UNESCO World Heritage Site
- Official name: Parc National d'Andringitra
- Part of: Rainforests of the Atsinanana
- Criteria: Natural: (ix), (x)
- Reference: 1257-012
- Inscription: 2007 (31st Session)
- Endangered: 2010
- Area: 32,074.5 ha (79,258 acres)

= Andringitra National Park =

Andringitra National Park is a national park in the Haute Matsiatra region of Madagascar, 47 km south of Ambalavao. The park was established in 1999 and is managed by the Madagascar National Parks Association. It was inscribed in the World Heritage Site in 2007 as part of the Rainforests of the Atsinanana.

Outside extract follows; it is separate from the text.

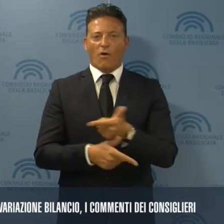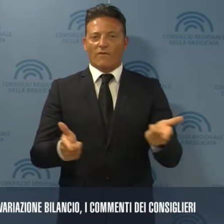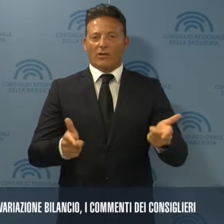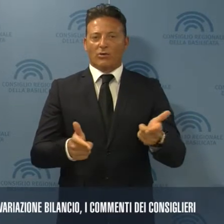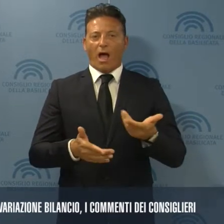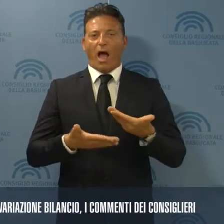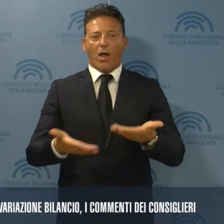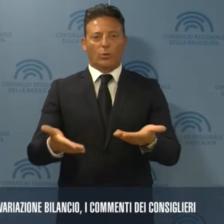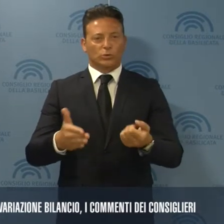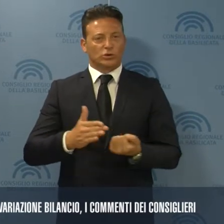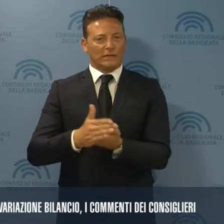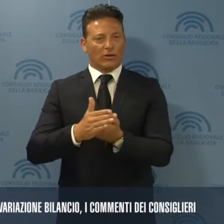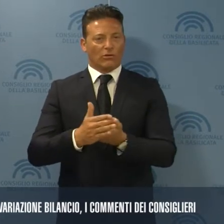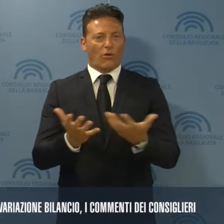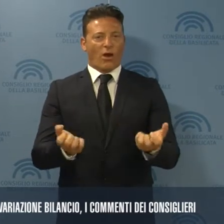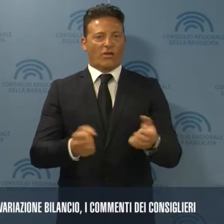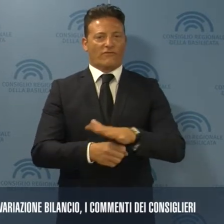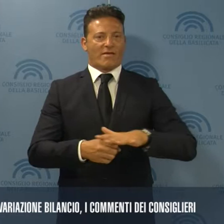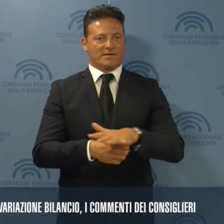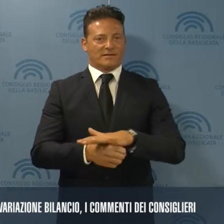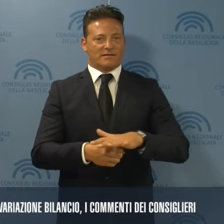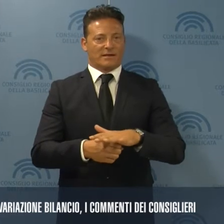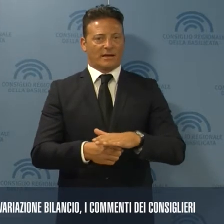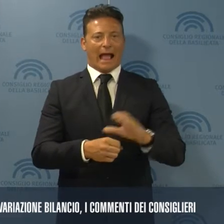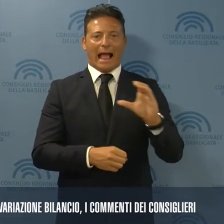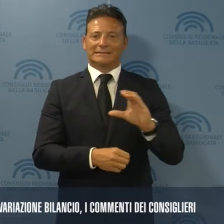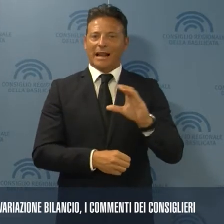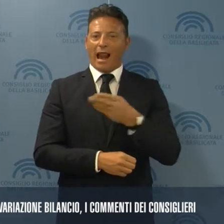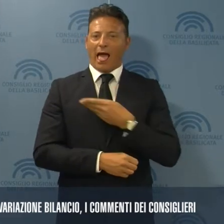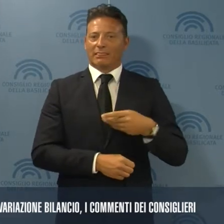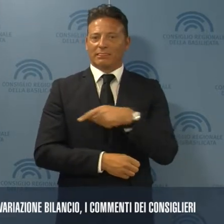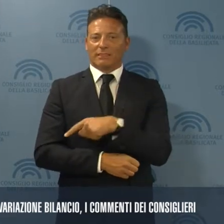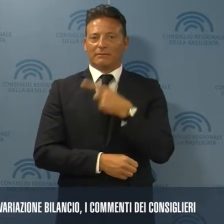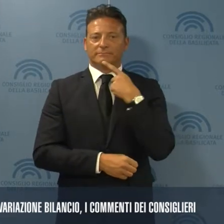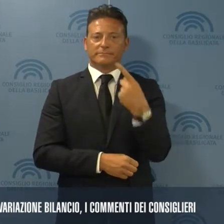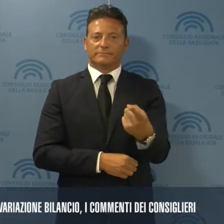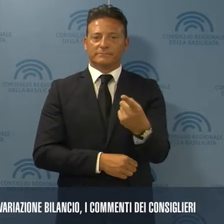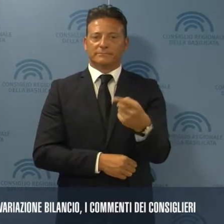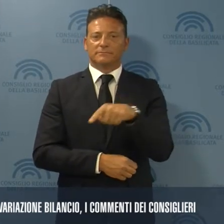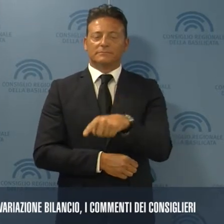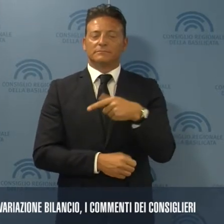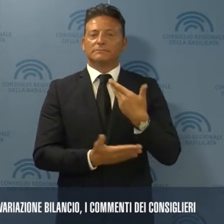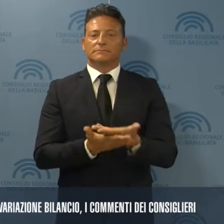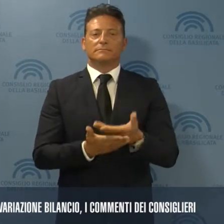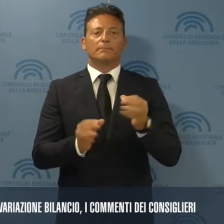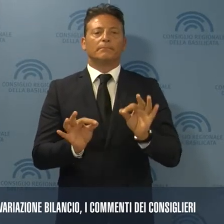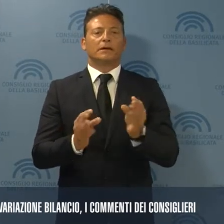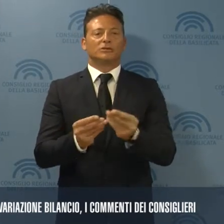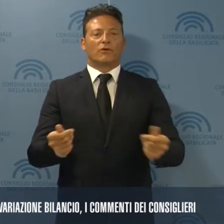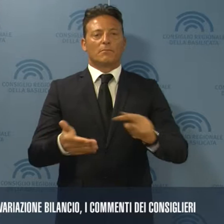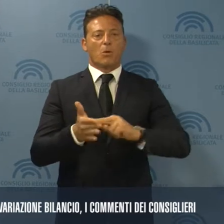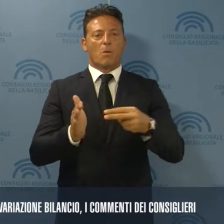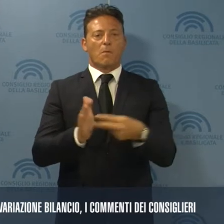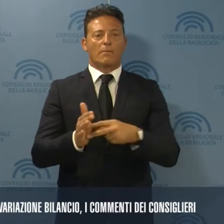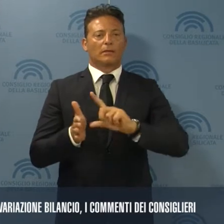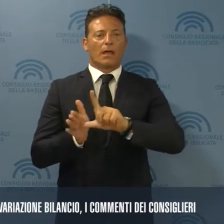un aiuto concreto alle famiglie. Castelgrande ha parlato di un atto teso a risolvere problemi che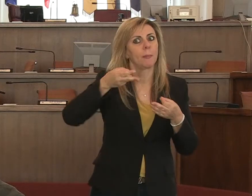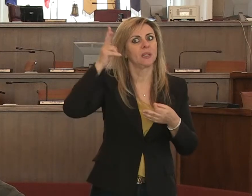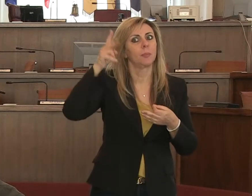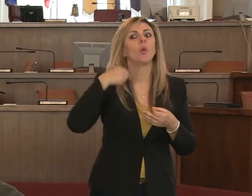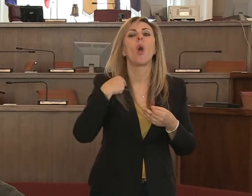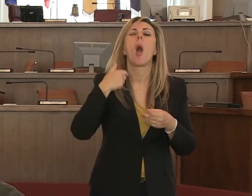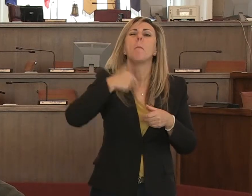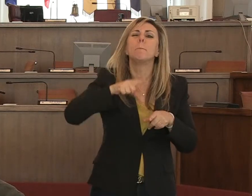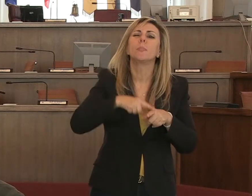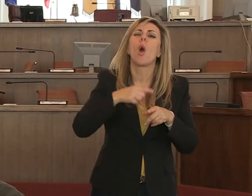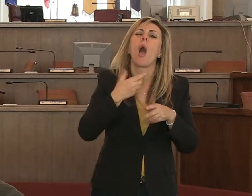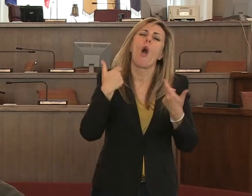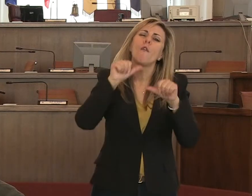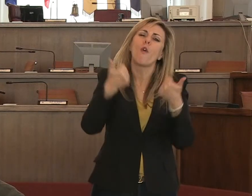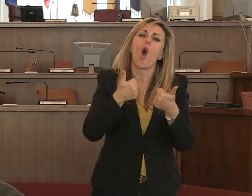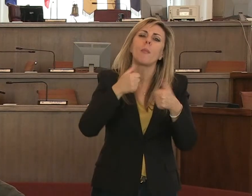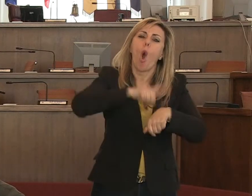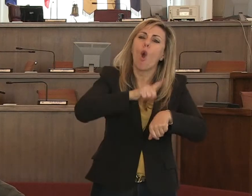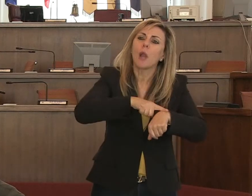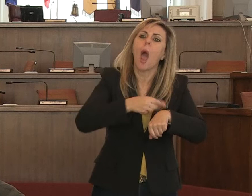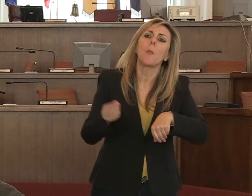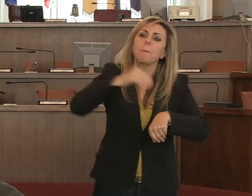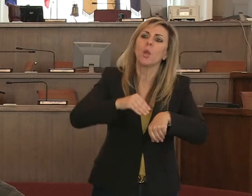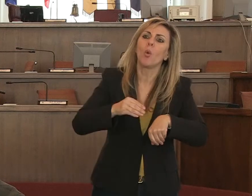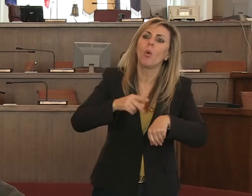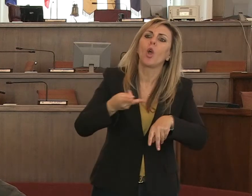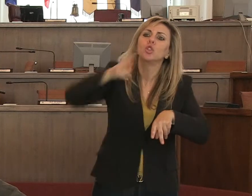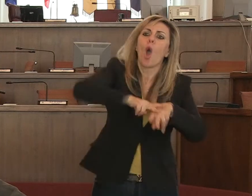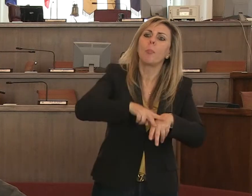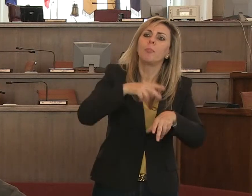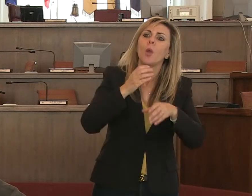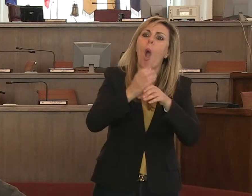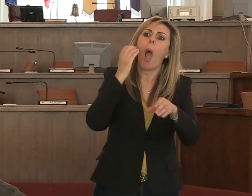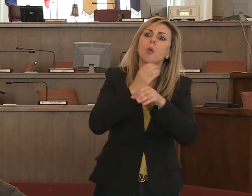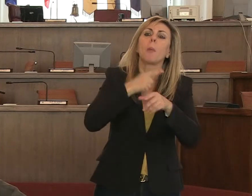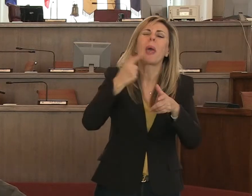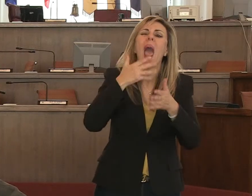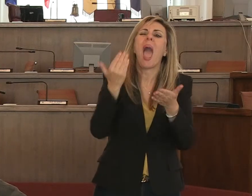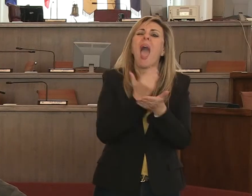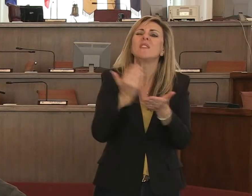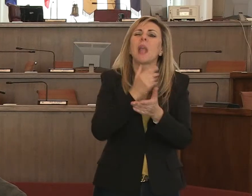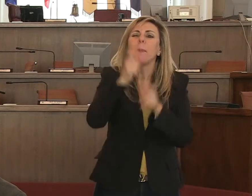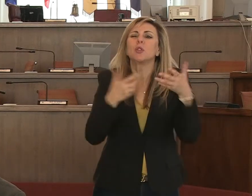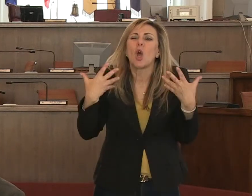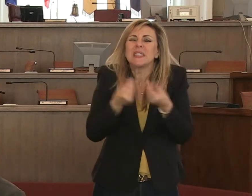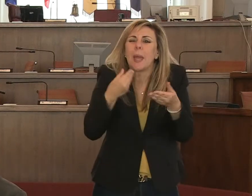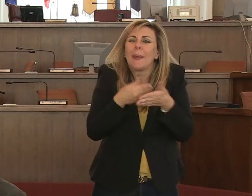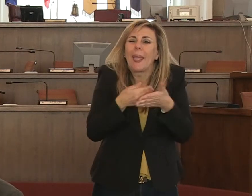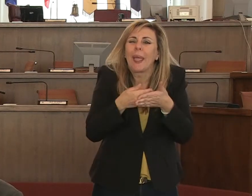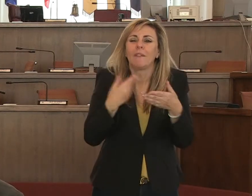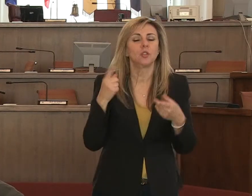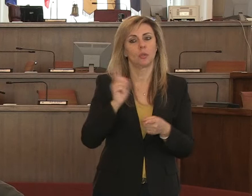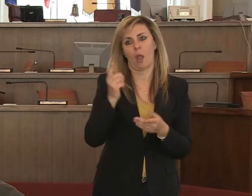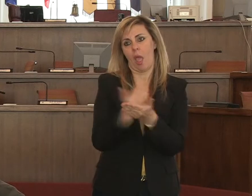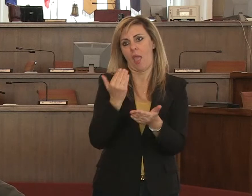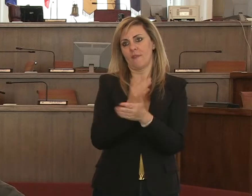delle corse bis qualora eh si verificassero dei problemi di affollamento sulle corse rimaste. Quindi eh è stato privilegiata

The reserve, which covers 31160 ha, contains Madagascar's second highest mountain, and four rivers. Three people groups inhabit the region: The Bara people, the Bara Haronga, and the Betsileo people.

Andringitra National Park is biodiverse, containing a variety of species of plants, birds, and frogs. It also contains thirteen species of lemurs.

==History==
The importance of the area was noted by explorers in the early 20th century, and in 1927, the central part of the mountain range was declared a "Strict Nature Reserve". During the early 1990s, the Malagasy Environmental Action Plan introduced the idea of Madagascar taking ownership of the environmental agenda, rather than donors, and in 1999, the area became a National Park. In 2007, the park became part of the Rainforests of the Atsinanana World Heritage Site.

==Geography==
The reserve covers 31160 ha covering much of the granite massif of the Andringitra mountains which rise above plains. The altitude of the reserve varies from 700 m to the peak of the second highest mountain in the country, Imarivolanitra (formerly Pic Boby) at 2658 m. The mean annual rainfall is 1500–2500 mm and snowfall occurs in some years. Madagascar's lowest temperature, −8 C has been recorded here. The Ampanasana, Iantara, Menarahaka and Zomandao rivers run through the reserve.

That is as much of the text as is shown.